Friday, Jan. 22, 1965
Wolves & Women
TOKEN OF A COVENANT by Hans Graf von Lehndorff. 328 pages. Regnery. $5.95.
Early in 1945, the conquering Russian army surged into East Prussia and besieged the fortress city of Konigsberg. Some of the panicky citizens committed suicide. Others began learning welcoming phrases in Russian. Count von Lehndorff, a civilian surgeon, awaited the end with Christian resignation and continued operating on wounded soldiers and civilians until a shell dismantled his surgery.
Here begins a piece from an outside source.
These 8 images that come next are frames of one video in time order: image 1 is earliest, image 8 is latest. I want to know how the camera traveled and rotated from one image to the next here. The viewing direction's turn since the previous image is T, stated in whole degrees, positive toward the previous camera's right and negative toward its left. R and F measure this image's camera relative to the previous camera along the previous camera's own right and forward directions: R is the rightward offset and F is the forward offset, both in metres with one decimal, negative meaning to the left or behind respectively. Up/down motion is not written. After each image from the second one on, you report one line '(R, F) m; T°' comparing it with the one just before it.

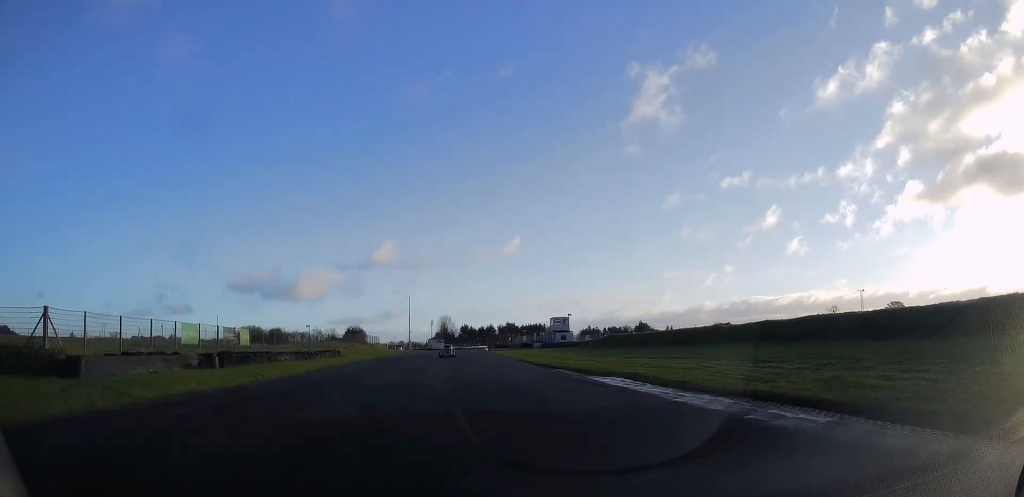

A woman told him, "Our Fuehrer will never permit the Russians to get us; he'd rather gas us first."
When the Russians finally broke through the city's defenses, Von Lehndorff needed all his piety and faith during six days of rape, arson and looting. He was stunned by "these maddened youngsters, fifteen, sixteen-years-old, flinging themselves like wolves on the women without really knowing what it's all about. All this has nothing to do with Russia, nothing to do with any particular nation or race--it is man kind without God, the caricature of man." Very soon "none of the women had any strength left to resist. In a few hours a change came over them; their spirit died, you heard hysterical laughter which made the Russians even more excited. Is it really possible to write about these things? . . . Isn't every word of this an accusation of myself? Hadn't I many opportunities of flinging myself between them and finding a decent death?"
Count von Lehndorff is currently the house surgeon at a West German hospital in Bad Godesberg, and this new book is based on his diary of the two years he spent under Communism. First published in 1961, it has sold over 200,000 copies in West Germany--a success attributed to the author's obvious integrity and credibility. A devout Protestant, Von Lehndorff loved his God, his family and his native land. He hated Hitler, Communism and self-seeking men. His mother and brother were imprisoned by the Nazis and later murdered by the Russians, and he himself was involved in the plot against Hitler.
This book is filled with vivid and Kafkaesque vignettes. In one convoy of prisoners was a Lithuanian who had deserted from the Red army. At a screening point, "the Lithuanian was to stay where he was--to be shot, he thought. When we were led away, he started playing furiously on a piano which had been left standing by the road." Each morning, at a prison camp where Von Lehndorff worked, the dead --stripped naked by the living--were stacked outside the barracks. One man was brought into the camp hospital "so covered with lice that you could compare him only with an ant hill." But Von Lehndorffs diary is far from just a catalogue of horrors. He encountered kindness as well as cruelty, and was often treated more humanely by the Russians than by treacherous fellow Germans who tried to ingratiate themselves with their new masters by turning informer.